Eu busquei palavras. Pesquisei de forma exaustiva. Recorri à minha memória. Entortei meu cérebro buscando fatos históricos que justificassem o feminicídio, mas tudo, absolutamente tudo, não me levou a um caminho compreensivo do que está a ocorrer no município chamado Belém. Não estou falando da cidade histórica e mencionada na Bíblia. Aquela que Maria pariu Jesus.
Falo de Belém, o da Paraíba mesmo. Uma terra pacata, cujo seu estômago foi revolvido por um crime brutal. Hediondo. Algo recheado com a mais pura deformidade, sendo inserido no fato a maldade nua e crua como ingrediente principal. Sim, estou a falar de um ser humano, talvez esteja eu enganado, e faça ele parte de outra categoria do reino animal que os biólogos ainda não detectaram, ou não descobriram.
Falo de um assassino covarde.
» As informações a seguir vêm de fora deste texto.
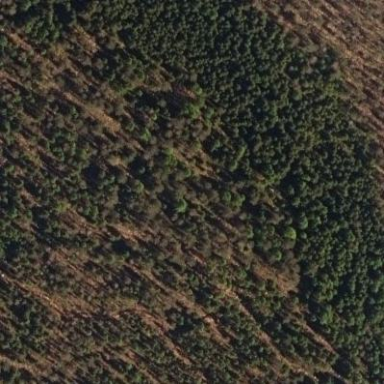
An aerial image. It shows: Needle-leaved woodland.
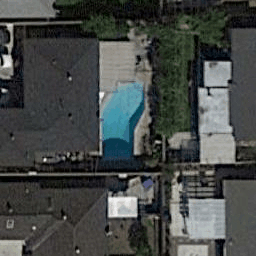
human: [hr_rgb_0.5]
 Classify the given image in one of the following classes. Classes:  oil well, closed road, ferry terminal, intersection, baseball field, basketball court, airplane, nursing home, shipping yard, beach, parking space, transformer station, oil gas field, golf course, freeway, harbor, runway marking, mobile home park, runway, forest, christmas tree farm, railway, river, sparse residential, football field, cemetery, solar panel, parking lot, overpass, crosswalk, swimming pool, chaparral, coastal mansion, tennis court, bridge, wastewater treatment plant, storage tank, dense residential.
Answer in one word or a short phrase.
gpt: swimming pool
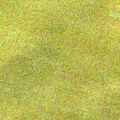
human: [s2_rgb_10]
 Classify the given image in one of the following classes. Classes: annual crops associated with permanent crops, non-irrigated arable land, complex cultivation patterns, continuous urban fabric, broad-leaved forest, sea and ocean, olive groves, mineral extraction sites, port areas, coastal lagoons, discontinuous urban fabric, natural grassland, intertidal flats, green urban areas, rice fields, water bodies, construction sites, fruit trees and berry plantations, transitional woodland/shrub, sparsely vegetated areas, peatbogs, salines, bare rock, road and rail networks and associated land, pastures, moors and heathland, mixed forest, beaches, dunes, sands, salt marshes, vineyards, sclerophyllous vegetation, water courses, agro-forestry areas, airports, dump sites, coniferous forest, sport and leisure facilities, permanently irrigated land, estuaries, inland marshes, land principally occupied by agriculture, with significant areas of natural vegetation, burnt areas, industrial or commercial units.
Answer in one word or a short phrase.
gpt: coastal lagoons

E sem pudor ou remorso cristão, acuso-o de facínora com alto grau de perversidade. Sim, falo de um homem que veio ao mundo para sentenciar a morte da sua ex-esposa. Mãe dos seus filhos. Falo de Oberto Nóbrega de Barros Oliveira, conhecido como Betinho Barros.
Esse ser que está na minha pauta de nojo era ouvidor público e secretário de Comunicação da prefeitura do município de Belém, no Brejo da Paraíba. Ele, na sua covarde atitude, matou a ex-esposa a tiros, e tirou a sua própria na última quinta-feira. Algoz foi ele da jovem Rayssa Kathylle de Sá Silva, que estava nesse mundo de meu Deus por, apenas, 19 anos.
Guilhotinou o assassino vários sonhos de uma mãe e mulher, pondo-a em uma sepultura fria e solitária. Essa foi a primeira morte de Rayssa Kathylle. As outras vieram em forma de nota e até luto oficial na cidade por três dias.
Sim, a prefeitura decretou luto pela morte do assassino Betinho Barros, cujo nome no diminutivo é um escárnio à paz. Seria ele Betão, o suicida, o homicida. Em nota divulgada pela gestão municipal, há um treco que diz: “partida precoce e inesperada”, mas deveria ter continuado “do assassino e suicida covarde”.
O que há de conforto na nota emitida pelo poder Executivo de Belém é que Rayssa Kathylle foi citada. Mesmo que de forma superficial. Uma bruma que se dissipa na escrita como mero objeto ilustrativo.
A dor posta e exposta não está no assassinato da jovem e, sim, na partida do outrora ouvidor, secretário de Comunicação da prefeitura e ex-vereador.
Para Rayssa Kathylle foram negadas suas qualidades. “Apenas” morreu, e ponto final. E na malsinada escrita de pesar são citados nomes de parentes do carrasco. Mas a jovem morta, certamente pensou o escritor e os que aprovaram o texto, não merecia “crédito” algum.
Não existiu na tinta do poder vil o nome de um ente querido da vítima. Para essas pessoas insanas, não foi o “valente” Betão que explodiu a cabeça da mãe dos seus filhos. Mas o contrário.
E quando a tragédia dava sinais de esgotamento, eis que outra nota de pesar foi emitida para o desespero de todos que têm amor e paixão pela vida e pelo próximo. Pois bem, a Câmara Municipal de Belém, uma Casa que deveria emitir repúdio irrestrito ao assassino que um dia foi vereador, velou seu corpo antes do sepultamento.
E em sua nota de pesar, que foi um peso para a sociedade como um todo, o feminicida foi tratado como herói. Leia, e tente acreditar leitor, o que foi escrito para o assassino: “É com o profundo pesar que a Câmara Municipal de Belém anuncia o falecimento do Secretário Executivo de Comunicação Betinho Barros”.
E segue a famigerada: “Lamentamos a perda e nos solidarizamos com a família nesse momento tão difícil”. Não houve menção à vítima de feminicídio.
E por aqui eu fico, oferecendo à família de Rayssa Kathylle meu mais profundo pesar, bem como à família do assassino e suicida, pois todos são vítimas de Betão.
Após vigorosas críticas às notas, elas foram deletadas das redes sociais.